Bereits seit fast zwei Jahrzehnten werden die Auswirkungen und die Verbreitung von Kunststoffmüll in der Nordsee und darüber hinaus im Pazifik, im Atlantik und der Antarktis von Wissenschaftlern des Alfred-Wegener-Instituts (AWI) Helmholtz- Zentrum für Polar- und Meeresforschung untersucht. Nun wenden sich die Wissenschaftler aus Bremerhaven in einem Citizen Science Projekt an Bürger und lokale Umweltverbände mit der Bitte, Sandproben am Strand zu entnehmen, um speziell Mesoplastik (5 bis 25 mm) und Mikroplastik (1 bis 5 mm) an der deutschen Küste zu erfassen. Die kleinen Plastikteilchen sind nicht nur freitreibend im Meerwasser vorzufinden, sondern auch im beprobten Strandsand. Bei Strandspaziergängen werden die winzigen Plastikteilchen oft kaum wahrgenommen. Im Meer sind gerade diese kleinen Plastikteilchen ein Problem, da sie von den Meerestieren mit Nahrung, zum Beispiel Plankton, verwechselt werden. Über den Verzehr der Meerestiere können die kleinen Plastikteilchen wiederum in den menschlichen Organismus gelangen.
Daten über das größere Makroplastik (2,5 bis 100 cm) werden schon seit vielen Jahren im Rahmen des Monitorings der Kommission für den Schutz und Erhalt des Nordatlantiks „OSPAR“ erfasst. Im Vergleich zum Makroplastik gibt es nur wenige wissenschaftlich erhobene Daten zu Verteilungen und Mengen kleinerer Plastikteilchen. Diese Wissenslücke möchte das AWI nun schließen. Mit dem Projekt unterstützt das AWI auch das Ziel der Meeresstrategie-Rahmenrichtlinie der Europäischen Union. In dieser heißt es, dass „Trends von Mengen, Verteilung und möglichst Zusammensetzung von Mikropartikeln (insbesondere Mikroplastik)“ untersucht werden sollen.
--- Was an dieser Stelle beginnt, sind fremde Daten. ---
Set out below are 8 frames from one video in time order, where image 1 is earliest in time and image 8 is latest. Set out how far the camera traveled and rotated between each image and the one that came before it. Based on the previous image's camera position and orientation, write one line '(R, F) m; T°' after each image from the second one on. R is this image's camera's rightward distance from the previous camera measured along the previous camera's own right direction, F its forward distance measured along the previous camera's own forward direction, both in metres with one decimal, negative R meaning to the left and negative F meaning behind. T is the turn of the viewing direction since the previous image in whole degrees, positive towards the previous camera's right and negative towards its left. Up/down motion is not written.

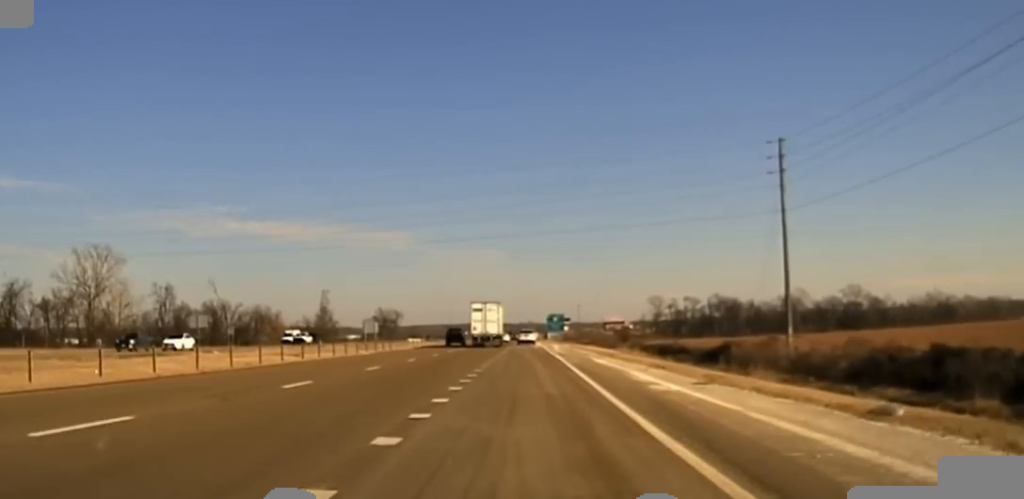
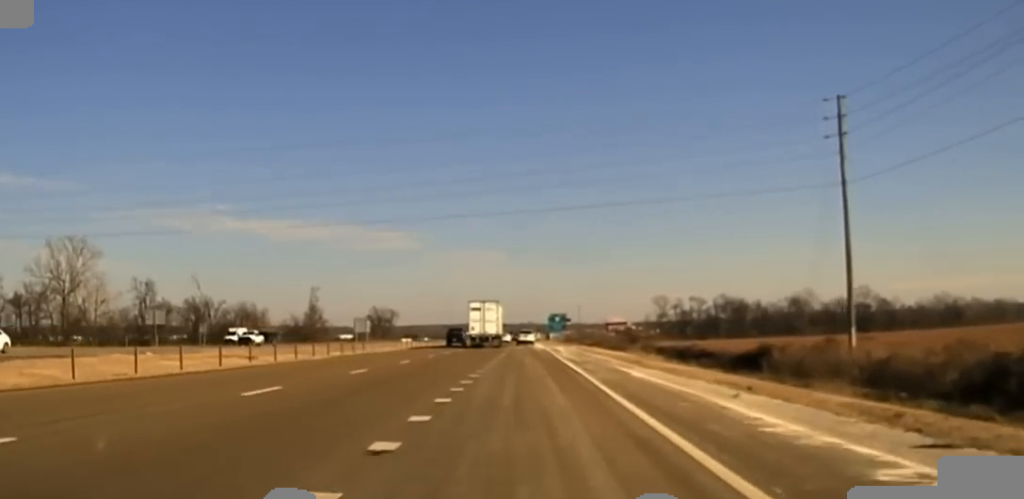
(0.0, +13.3) m; 0°
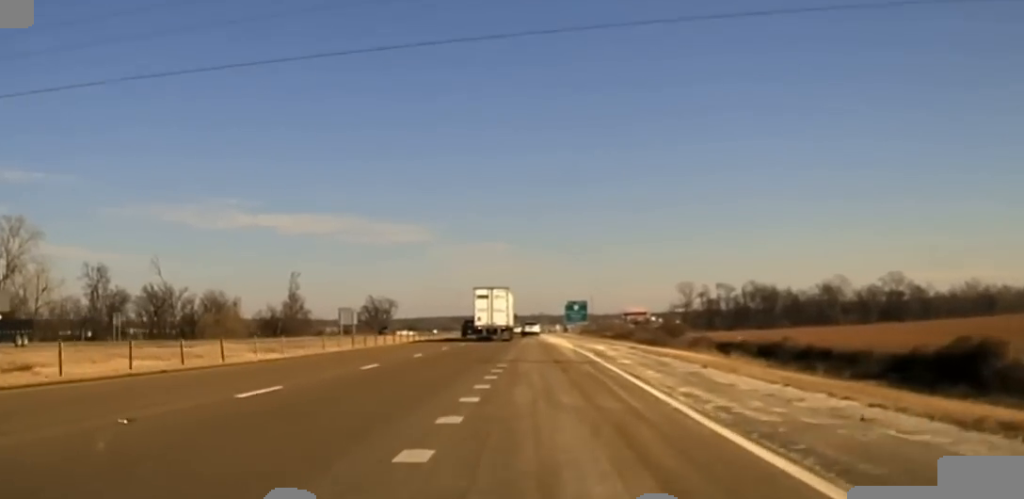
(0.0, +37.8) m; -1°
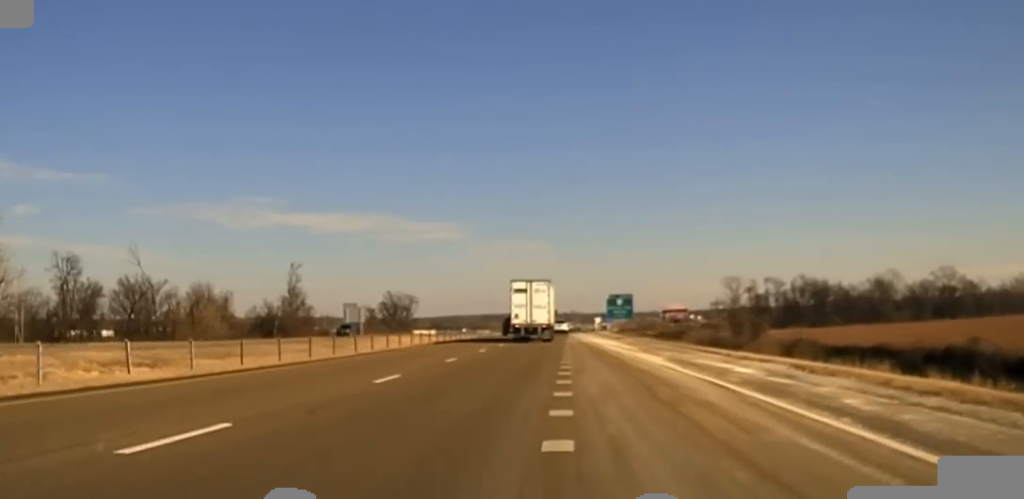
(-0.4, +35.3) m; -1°
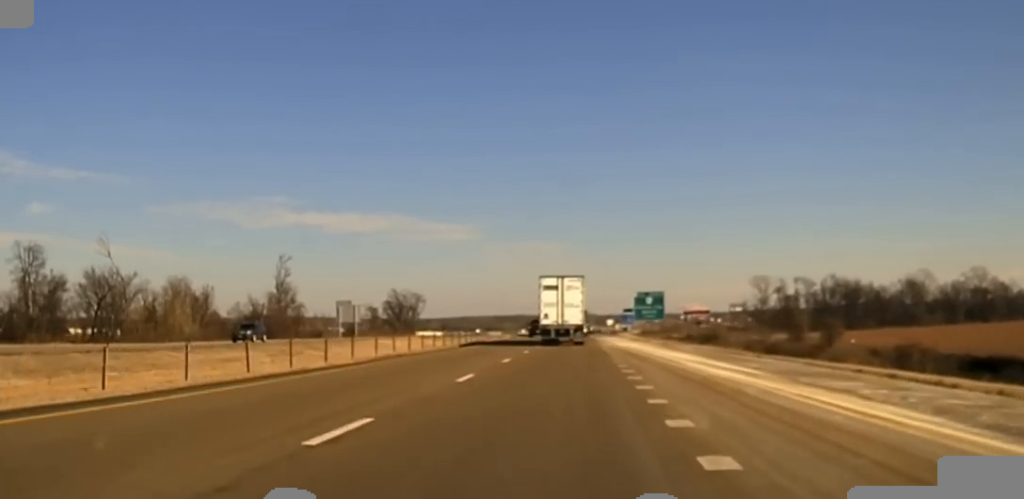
(-0.4, +25.9) m; -1°
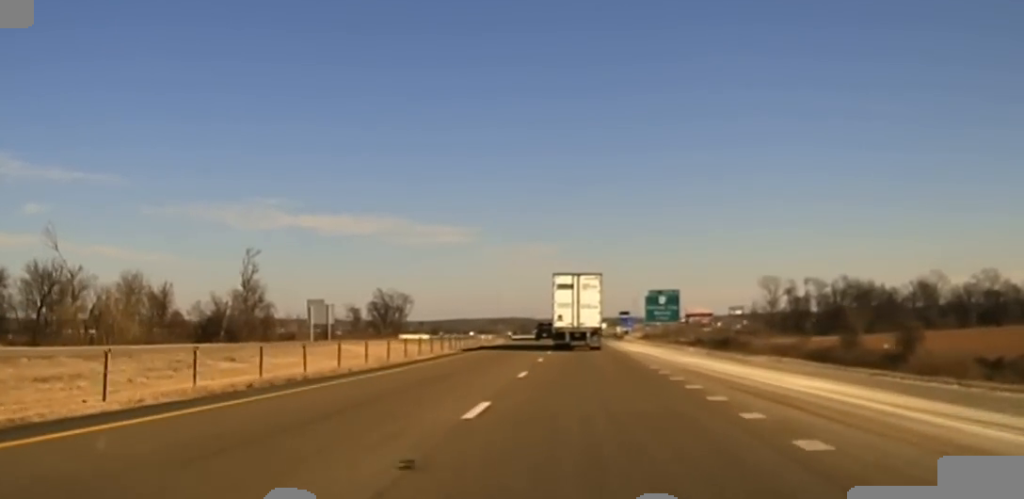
(+0.1, +19.2) m; 0°
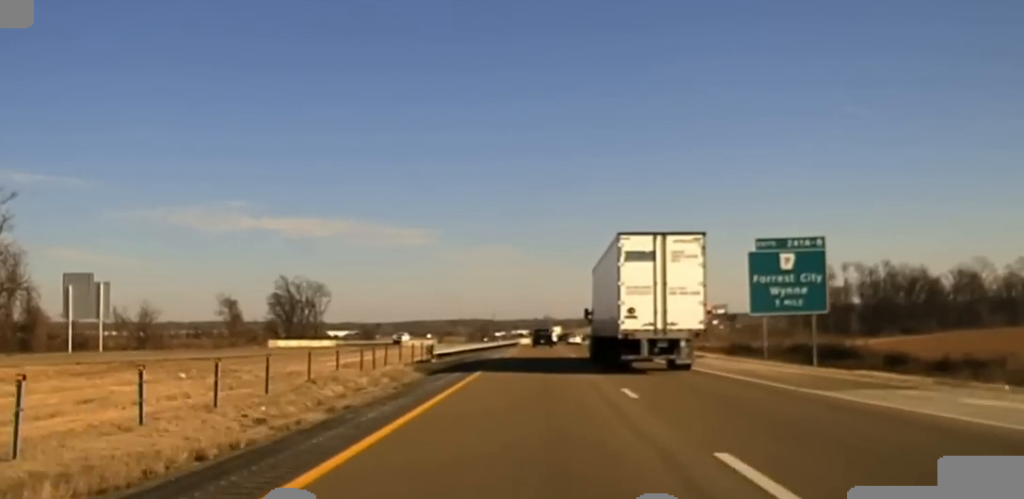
(+1.3, +80.0) m; +2°
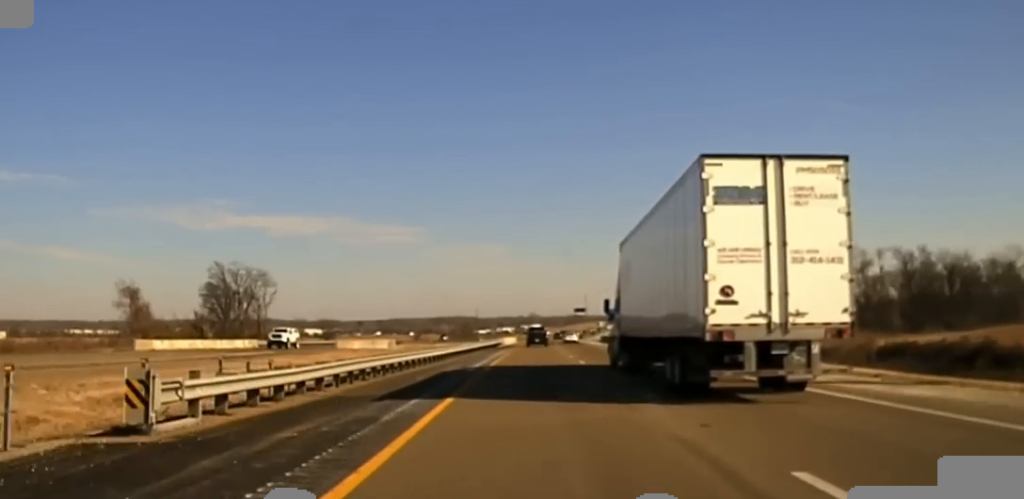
(+0.3, +32.8) m; +1°
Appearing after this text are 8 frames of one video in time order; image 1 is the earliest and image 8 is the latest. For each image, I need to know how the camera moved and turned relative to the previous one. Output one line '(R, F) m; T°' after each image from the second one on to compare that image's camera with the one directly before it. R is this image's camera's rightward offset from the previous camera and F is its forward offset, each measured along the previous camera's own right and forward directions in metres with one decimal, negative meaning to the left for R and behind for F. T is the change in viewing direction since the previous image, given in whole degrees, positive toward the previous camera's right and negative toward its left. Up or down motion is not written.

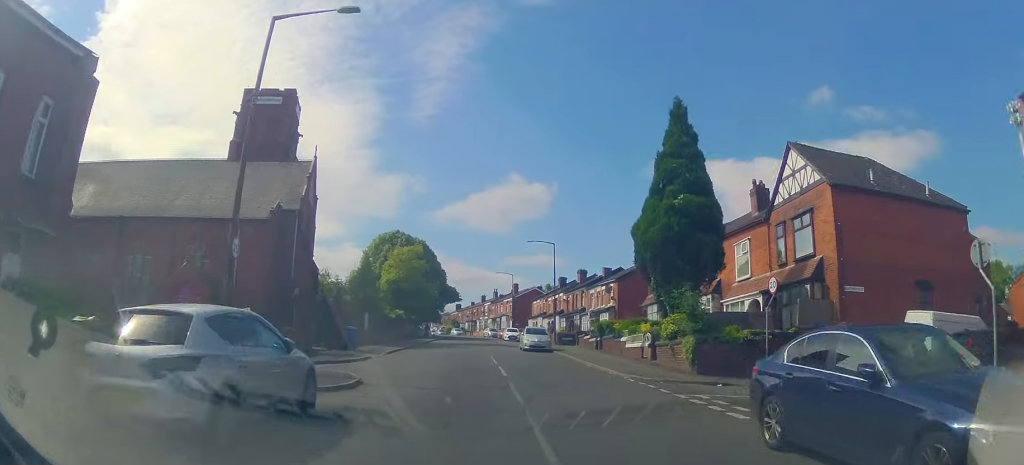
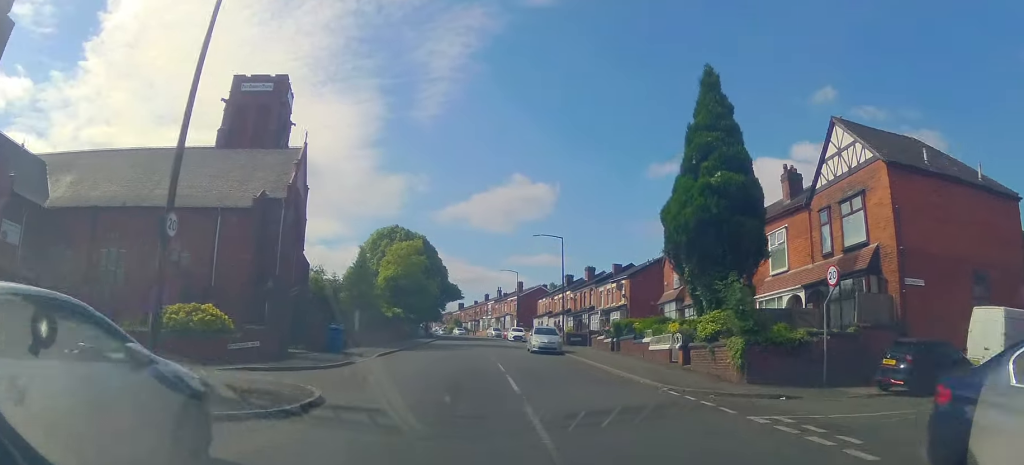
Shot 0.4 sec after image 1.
(0.0, +3.7) m; 0°
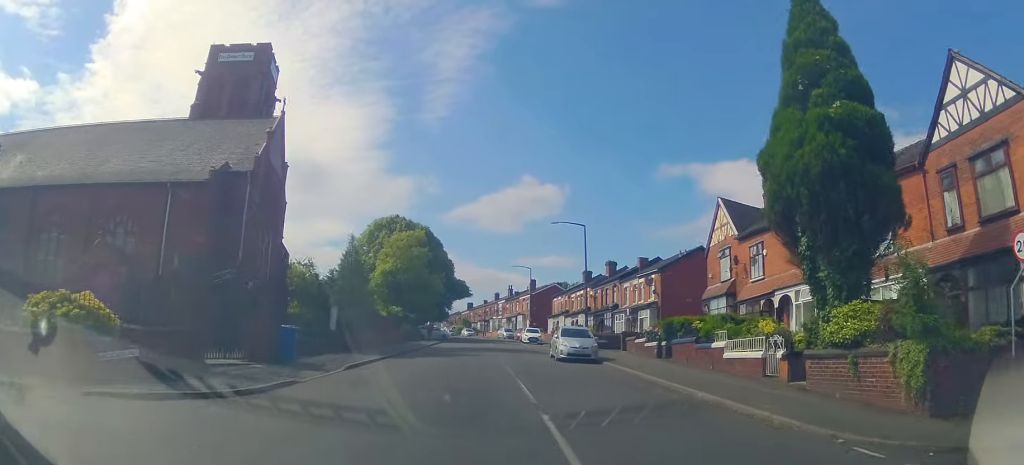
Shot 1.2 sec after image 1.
(+0.1, +7.5) m; -1°
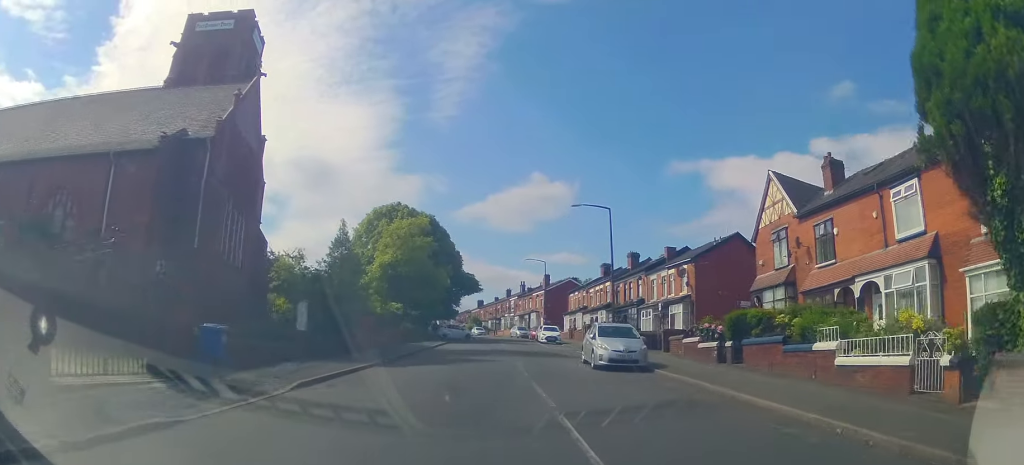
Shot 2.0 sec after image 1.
(-0.1, +6.1) m; -3°
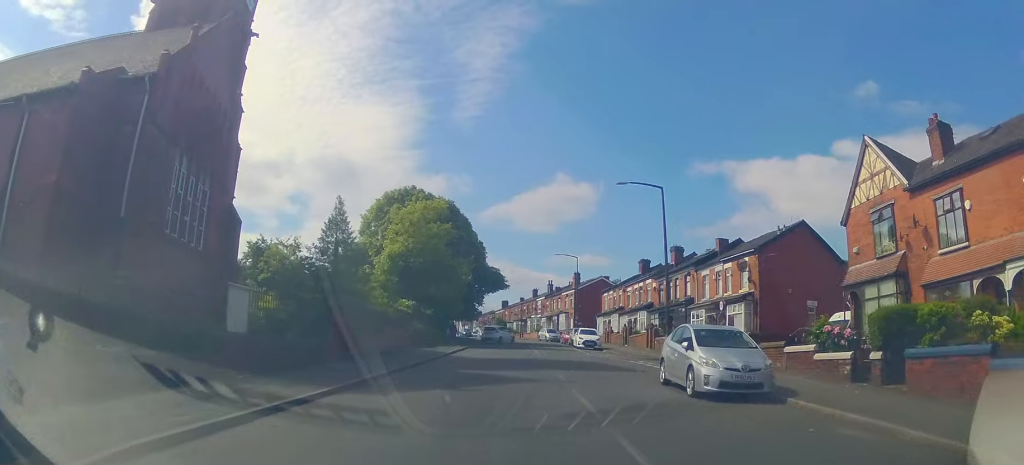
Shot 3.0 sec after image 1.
(-0.3, +7.7) m; -2°
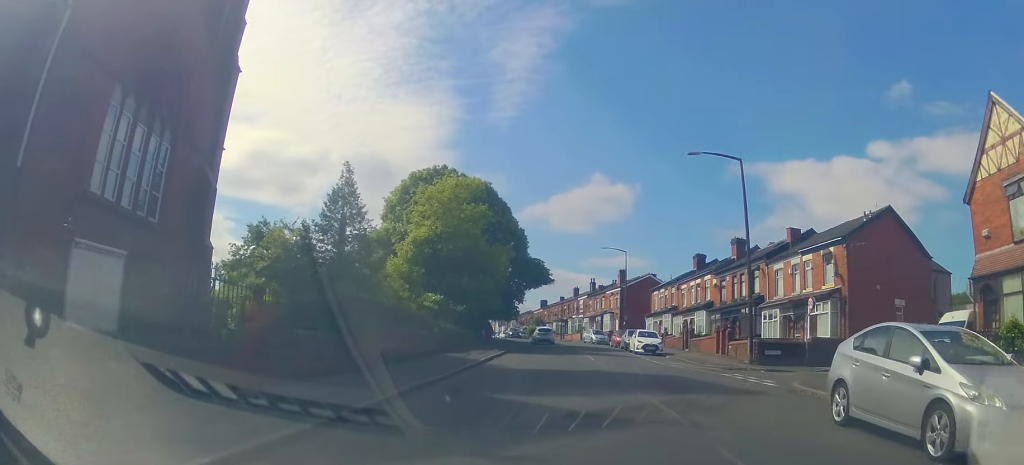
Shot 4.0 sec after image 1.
(0.0, +7.1) m; -2°
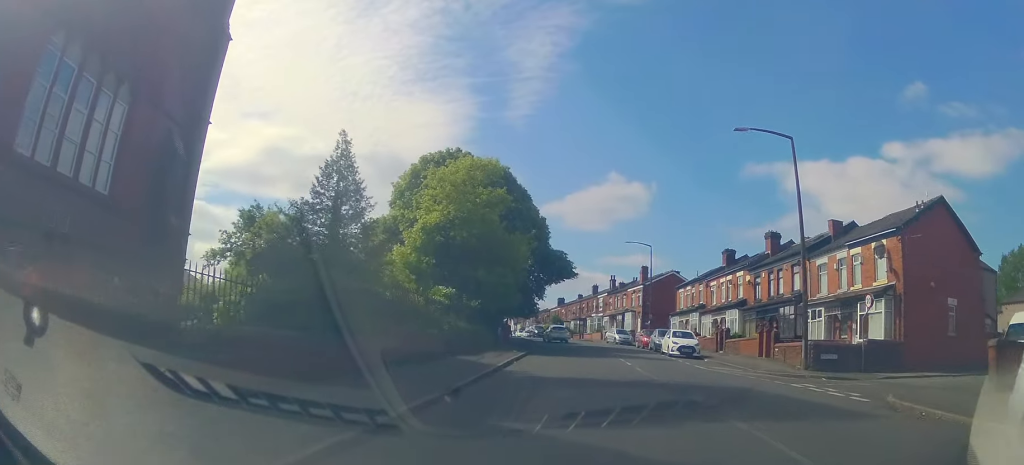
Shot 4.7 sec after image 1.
(-0.2, +3.9) m; -2°
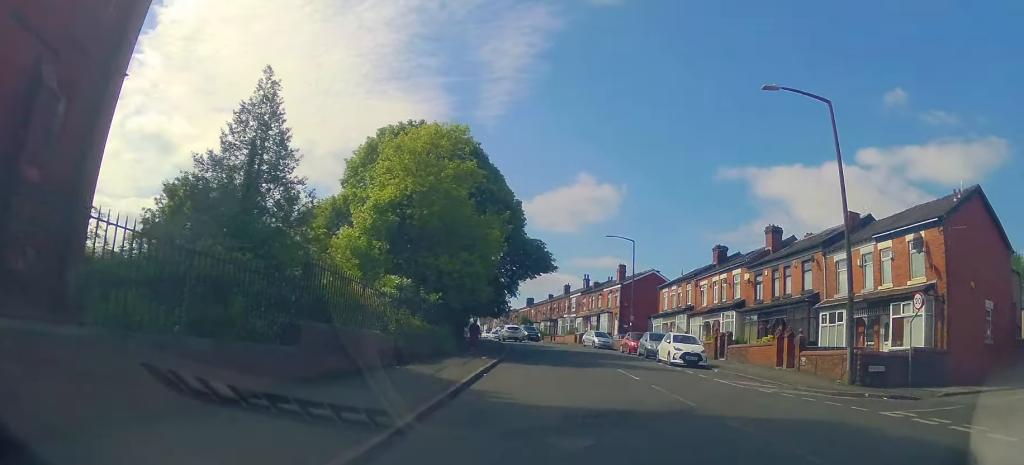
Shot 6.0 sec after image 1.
(-0.1, +6.2) m; -1°

Forschungsergebnisse aus verschiedenen Regionen, Habitaten und Meerestiefen bestätigen immer wieder, dass Plastikverschmutzung sehr ungleich verteilt ist. Hotspots mit besonders hoher Verschmutzung sind zum Beispiel die ozeanischen Strömungswirbel, Küstenbereiche in der Nähe von Emissionsquellen oder Meeressenkungen. Die ungleiche Verteilung erfordert, dass Proben von vielen verschiedenen Standorten genommen werden müssen, um einen einigermaßen repräsentativen Überblick über die Umweltverschmutzung zu bekommen. Durch die großflächige Zusammenarbeit des AWIs mit vielen lokalen Umweltverbänden wird das AWI versuchen, diesem Erfordernis gerecht zu werden. Es sollen nicht nur Aussagen über die Menge, sondern auch über die Verteilung des Mikro- und Mesoplastiks an der deutschen Küste getroffen werden können. Die Verteilung kann außerdem Hinweise geben auf potentielle Verschmutzungsquellen oder Verbreitungswege, zum Beispiel durch Wind und Wellen.
Insgesamt über 50 kg Kniepsand verteilt auf 20 Probepunkte hat das Naturzentrumteam des Öömrang ferian i.f. nach Anleitung des AWIs entnommen und nach Bremerhaven geschickt. Alle benötigten Materialien wurden dem Naturzentrum zuvor zugeschickt, auch die Paketmarken für den Rückversand. Auf den Nachbarinseln Föhr und Sylt hat die Schutzstation Wattenmeer dem AWI Proben zugeschickt. Das AWI trennt nach Eingang der Proben die Plastikteile durch Sieben und Dichtetrennung vom Sand und von biologischem Material. Jedes potentielle Plastikteil wird mit einem Fourier-Transformations-Infrarotspektrometer untersucht, um festzustellen, ob es sich wirklich um ein Plastikteil handelt und wenn ja, um welchen Polymertypen (z. B. Polyethylen, Polypropylen, Styropor, usw.) es sich handelt. Jedes erkannte Plastikteil wird in eine Datenbank eingegeben und fotografisch festgehalten. Die Datenbank stellt die Grundlage der weiteren Analysen dar. Sie soll auch der Öffentlichkeit und anderen Wissenschaftlern zugängig gemacht werden. Das Projekt des AWIs läuft noch bis April 2023 und wird von Dr. Ernst Weiße-Stiftung gefördert. Die teilnehmenden Umweltorganisationen und Bürger sind bereits gespannt auf die Ergebnisse.